Why illegal structure operation in const pointer?

Question

Why do I have to add & in cout clause while using const pointer. I'm in the code below. And if I don't add & clause it says illegal structure operation.

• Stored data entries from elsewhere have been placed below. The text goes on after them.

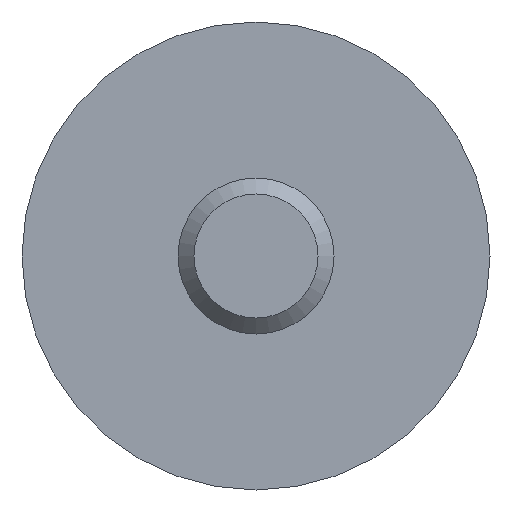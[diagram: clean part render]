
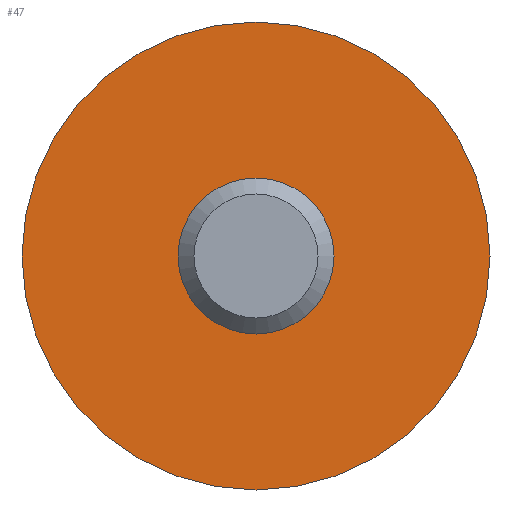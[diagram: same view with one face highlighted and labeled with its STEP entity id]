
A CAD part, front view. The second image highlights one B-rep face of the part: STEP entity #47.
In plain terms, the highlighted planar face has unit normal (0, -1, 0).
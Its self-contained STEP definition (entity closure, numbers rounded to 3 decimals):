
#47 = ADVANCED_FACE( '', ( #94, #95 ), #96, .F. );
#94 = FACE_BOUND( '', #135, .T. );
#95 = FACE_OUTER_BOUND( '', #136, .T. );
#96 = PLANE( '', #137 );
#135 = EDGE_LOOP( '', ( #184 ) );
#136 = EDGE_LOOP( '', ( #185 ) );
#137 = AXIS2_PLACEMENT_3D( '', #186, #187, #188 );
#184 = ORIENTED_EDGE( '', *, *, #209, .F. );
#185 = ORIENTED_EDGE( '', *, *, #205, .T. );
#186 = CARTESIAN_POINT( '', ( 9., 0., 0. ) );
#187 = DIRECTION( '', ( 0., 1., 0. ) );
#188 = DIRECTION( '', ( 0., 0., 1. ) );
#205 = EDGE_CURVE( '', #227, #227, #228, .T. );
#209 = EDGE_CURVE( '', #233, #233, #234, .T. );
#227 = VERTEX_POINT( '', #252 );
#228 = CIRCLE( '', #253, 9. );
#233 = VERTEX_POINT( '', #258 );
#234 = CIRCLE( '', #259, 3. );
#252 = CARTESIAN_POINT( '', ( 0., 0., -9. ) );
#253 = AXIS2_PLACEMENT_3D( '', #277, #278, #279 );
#258 = CARTESIAN_POINT( '', ( 0., 0., -3. ) );
#259 = AXIS2_PLACEMENT_3D( '', #283, #284, #285 );
#277 = CARTESIAN_POINT( '', ( 0., 0., 0. ) );
#278 = DIRECTION( '', ( 0., -1., 0. ) );
#279 = DIRECTION( '', ( 0., 0., -1. ) );
#283 = CARTESIAN_POINT( '', ( 0., 0., 0. ) );
#284 = DIRECTION( '', ( 0., -1., 0. ) );
#285 = DIRECTION( '', ( 0., 0., -1. ) );

int Marks [10]= {1, 2, 3, 4, 5, 6, 7, 8, 9, 0};
// Create a constant pointer to Marks array
const int* pMarks = Marks;
for (int i = 0, bytes = 0; i < 10; ++i, bytes += 4)
{
  cout <<  "Element " << i << ": " << pMarks <<" + ";
  cout <<  bytes << " bytes" << " = " << (pMarks + i) << endl; // that & is required before (pMarks + i)
}

I want my output would be something like this: stdout:

Element 0: 0x7fff1d26d6c0 + 0 bytes = 0x7fff1d26d6c0
Element 1: 0x7fff1d26d6c0 + 4 bytes = 0x7fff1d26d6c4
Element 2: 0x7fff1d26d6c0 + 8 bytes = 0x7fff1d26d6c8
Element 3: 0x7fff1d26d6c0 + 12 bytes = 0x7fff1d26d6cc
Element 4: 0x7fff1d26d6c0 + 16 bytes = 0x7fff1d26d6d0
Element 5: 0x7fff1d26d6c0 + 20 bytes = 0x7fff1d26d6d4
Element 6: 0x7fff1d26d6c0 + 24 bytes = 0x7fff1d26d6d8
Element 7: 0x7fff1d26d6c0 + 28 bytes = 0x7fff1d26d6dc
Element 8: 0x7fff1d26d6c0 + 32 bytes = 0x7fff1d26d6e0

Answer 1

What about

cout <<  bytes << " bytes" << " = " <<*(pMarks + i) << endl;

Otherwise you would be passing the address from pMarks + i.